### AIM OF THE EXERCISE
Take the listing below and write it out again exactly, skipping any picture that it holds.

### SUPPLIED DATA
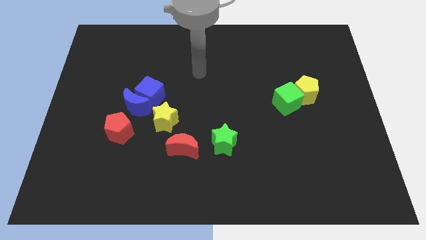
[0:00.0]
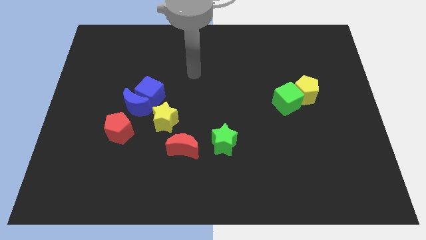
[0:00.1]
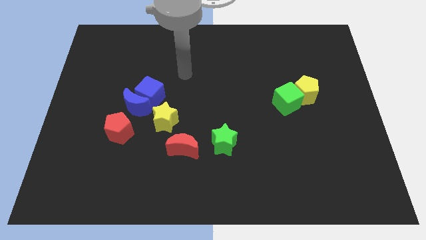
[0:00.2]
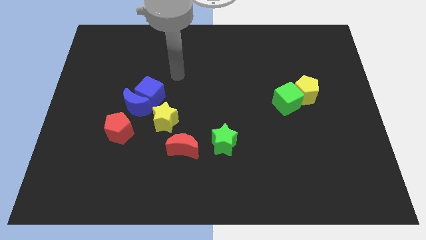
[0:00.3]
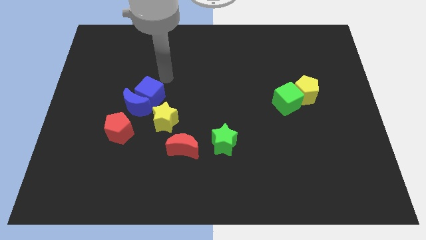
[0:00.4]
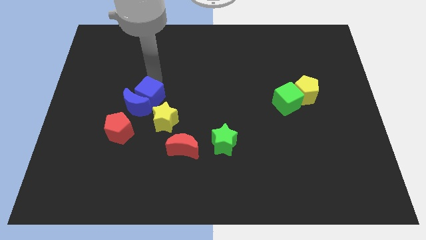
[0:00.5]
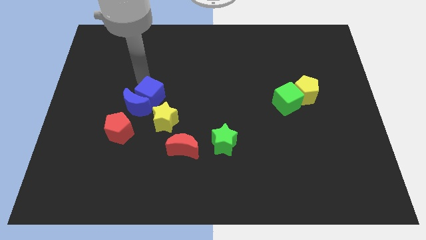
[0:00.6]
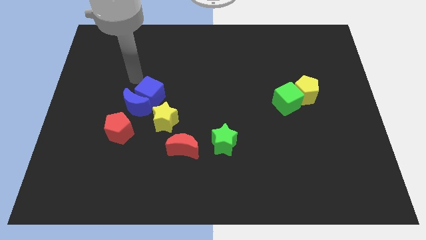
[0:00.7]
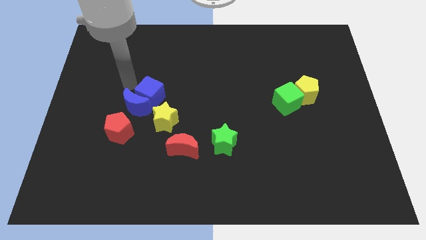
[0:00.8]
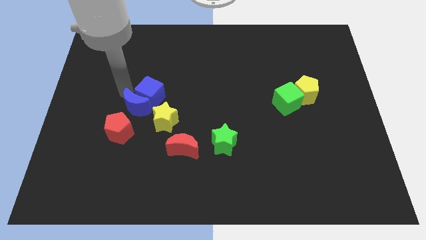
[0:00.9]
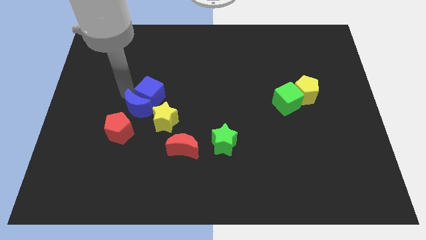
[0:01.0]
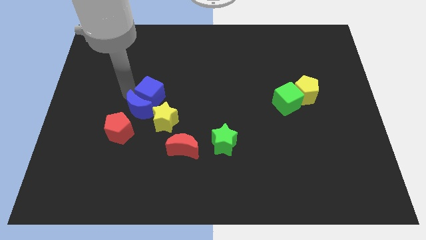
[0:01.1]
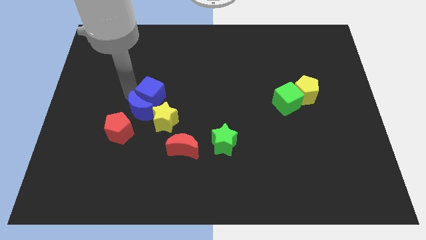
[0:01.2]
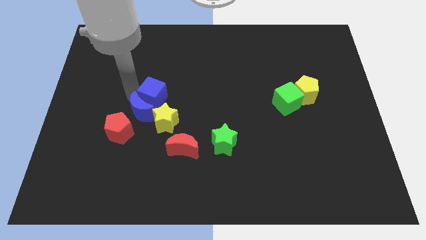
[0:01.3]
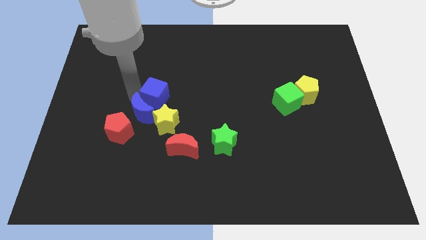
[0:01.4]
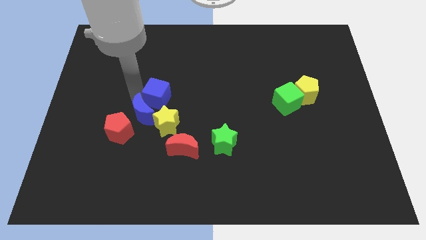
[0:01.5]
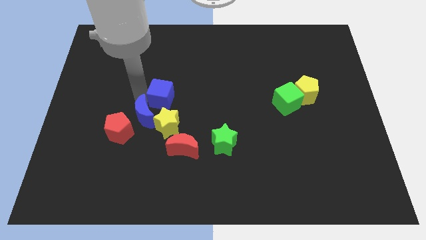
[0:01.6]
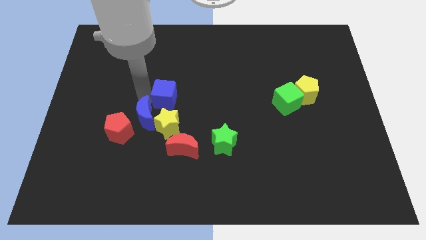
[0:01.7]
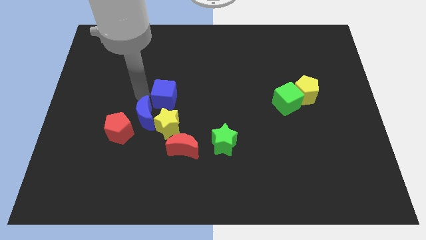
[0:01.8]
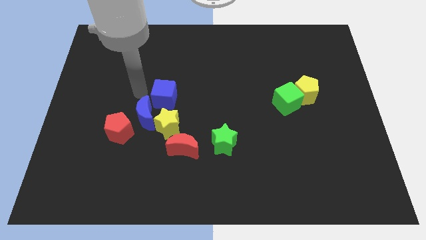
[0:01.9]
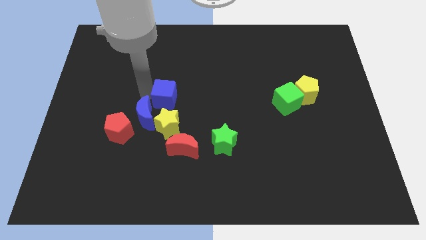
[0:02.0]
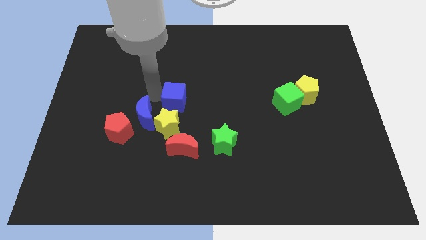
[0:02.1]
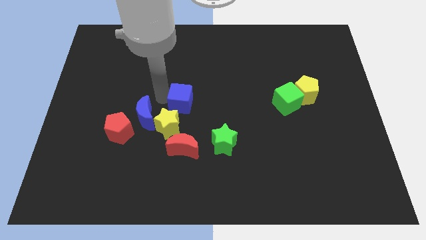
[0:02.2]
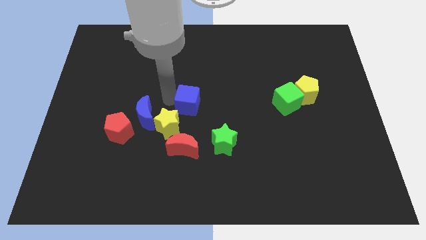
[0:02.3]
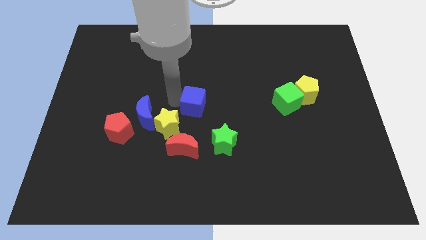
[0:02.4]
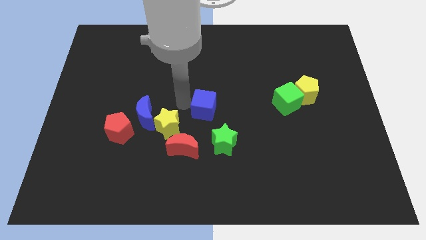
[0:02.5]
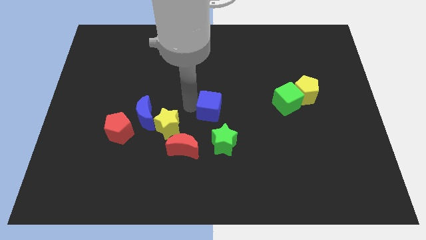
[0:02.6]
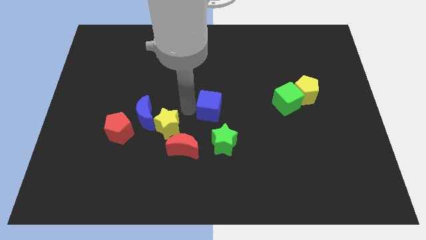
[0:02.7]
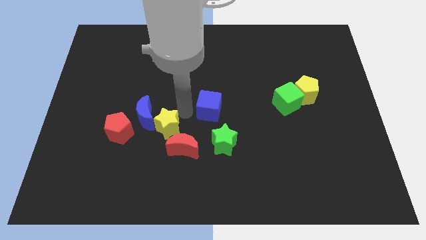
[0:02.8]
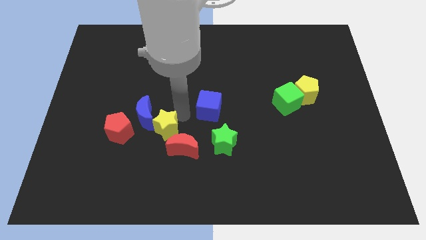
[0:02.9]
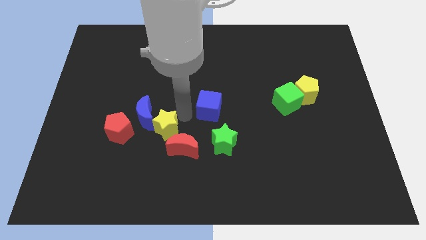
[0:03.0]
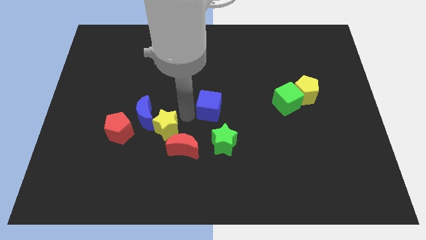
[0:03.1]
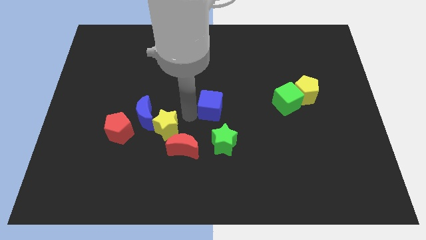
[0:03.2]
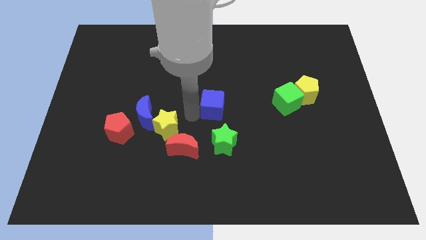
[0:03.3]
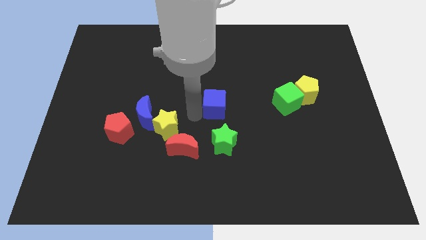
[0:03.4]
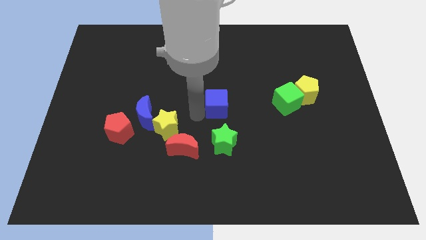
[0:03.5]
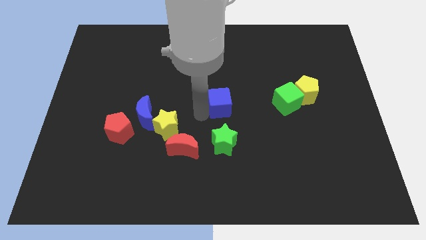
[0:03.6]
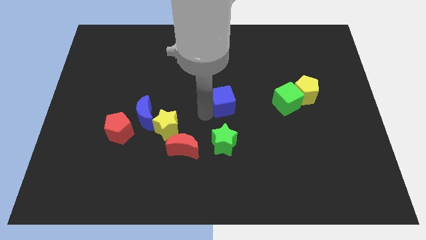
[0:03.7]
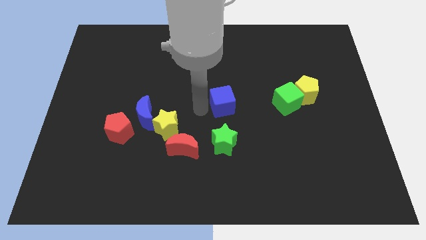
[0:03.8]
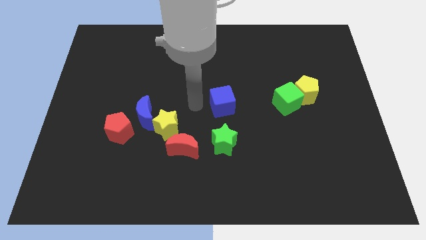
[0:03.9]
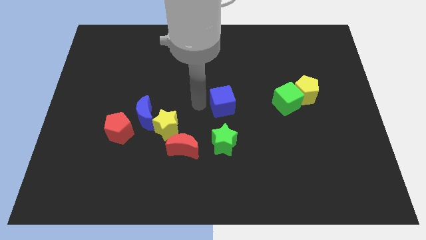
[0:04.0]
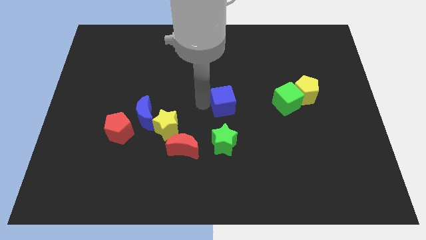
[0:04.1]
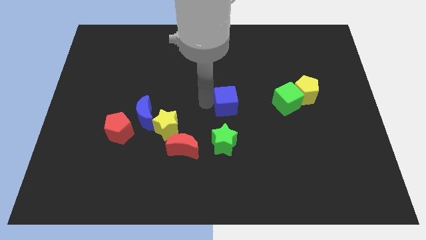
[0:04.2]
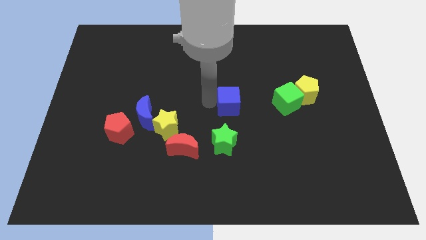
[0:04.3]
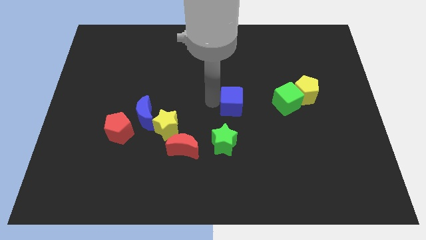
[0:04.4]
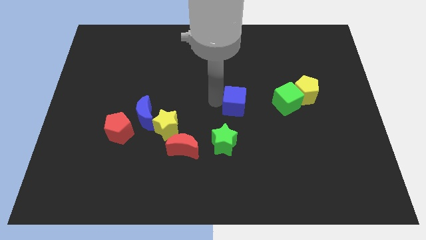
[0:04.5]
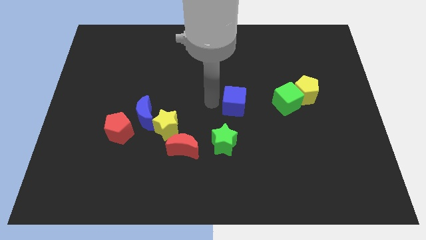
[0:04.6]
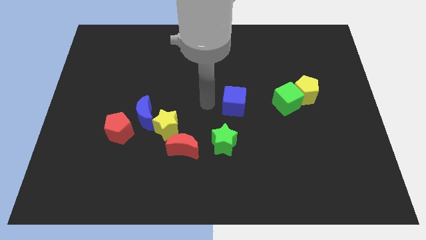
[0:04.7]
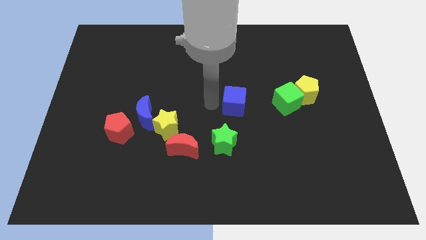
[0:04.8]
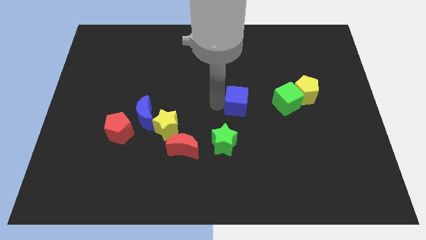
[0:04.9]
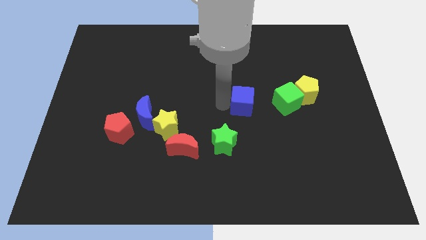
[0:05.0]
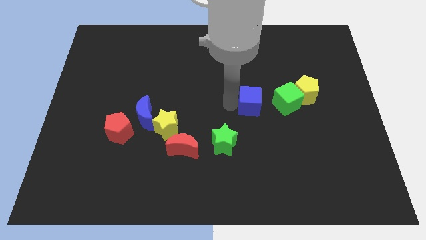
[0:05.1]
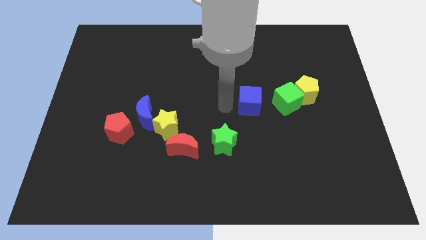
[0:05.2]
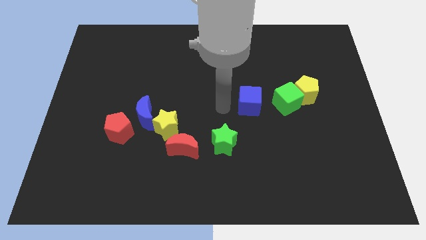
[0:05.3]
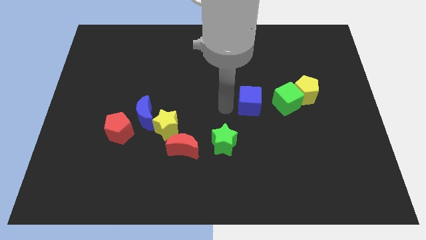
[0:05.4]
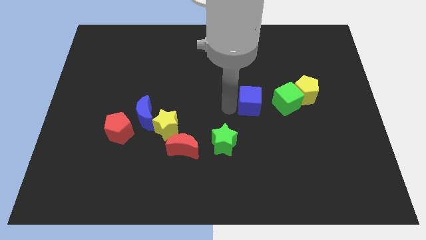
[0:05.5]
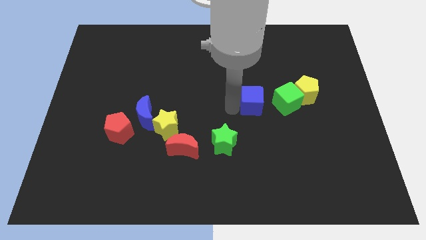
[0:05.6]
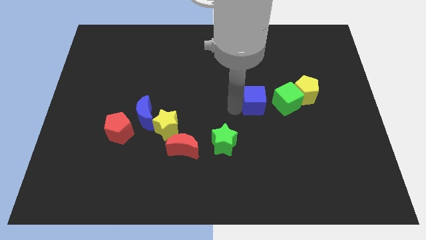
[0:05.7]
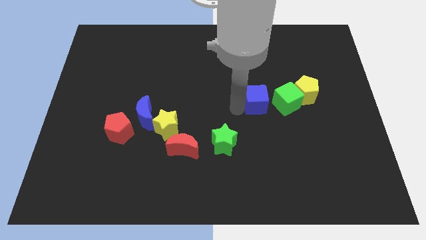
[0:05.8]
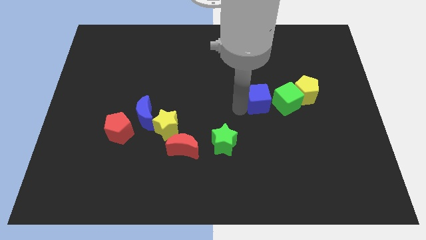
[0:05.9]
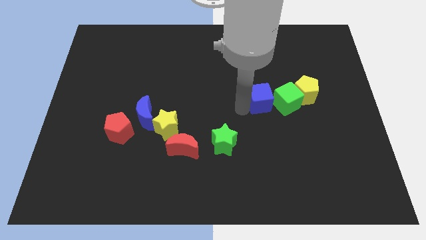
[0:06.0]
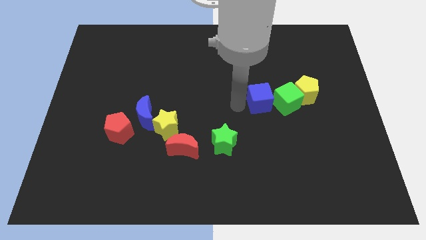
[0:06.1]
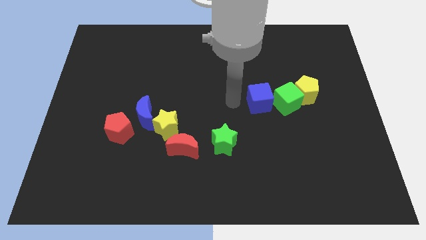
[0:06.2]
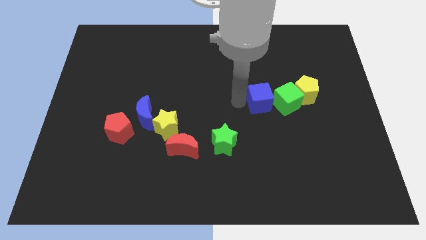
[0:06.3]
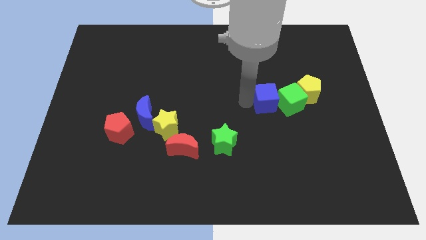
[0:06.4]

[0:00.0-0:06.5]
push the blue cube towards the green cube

### EXPECTED ANSWER
[0:00.0]
[0:00.1]
[0:00.2]
[0:00.3]
[0:00.4]
[0:00.5]
[0:00.6]
[0:00.7]
[0:00.8]
[0:00.9]
[0:01.0]
[0:01.1]
[0:01.2]
[0:01.3]
[0:01.4]
[0:01.5]
[0:01.6]
[0:01.7]
[0:01.8]
[0:01.9]
[0:02.0]
[0:02.1]
[0:02.2]
[0:02.3]
[0:02.4]
[0:02.5]
[0:02.6]
[0:02.7]
[0:02.8]
[0:02.9]
[0:03.0]
[0:03.1]
[0:03.2]
[0:03.3]
[0:03.4]
[0:03.5]
[0:03.6]
[0:03.7]
[0:03.8]
[0:03.9]
[0:04.0]
[0:04.1]
[0:04.2]
[0:04.3]
[0:04.4]
[0:04.5]
[0:04.6]
[0:04.7]
[0:04.8]
[0:04.9]
[0:05.0]
[0:05.1]
[0:05.2]
[0:05.3]
[0:05.4]
[0:05.5]
[0:05.6]
[0:05.7]
[0:05.8]
[0:05.9]
[0:06.0]
[0:06.1]
[0:06.2]
[0:06.3]
[0:06.4]

[0:00.0-0:06.5]
push the blue cube towards the green cube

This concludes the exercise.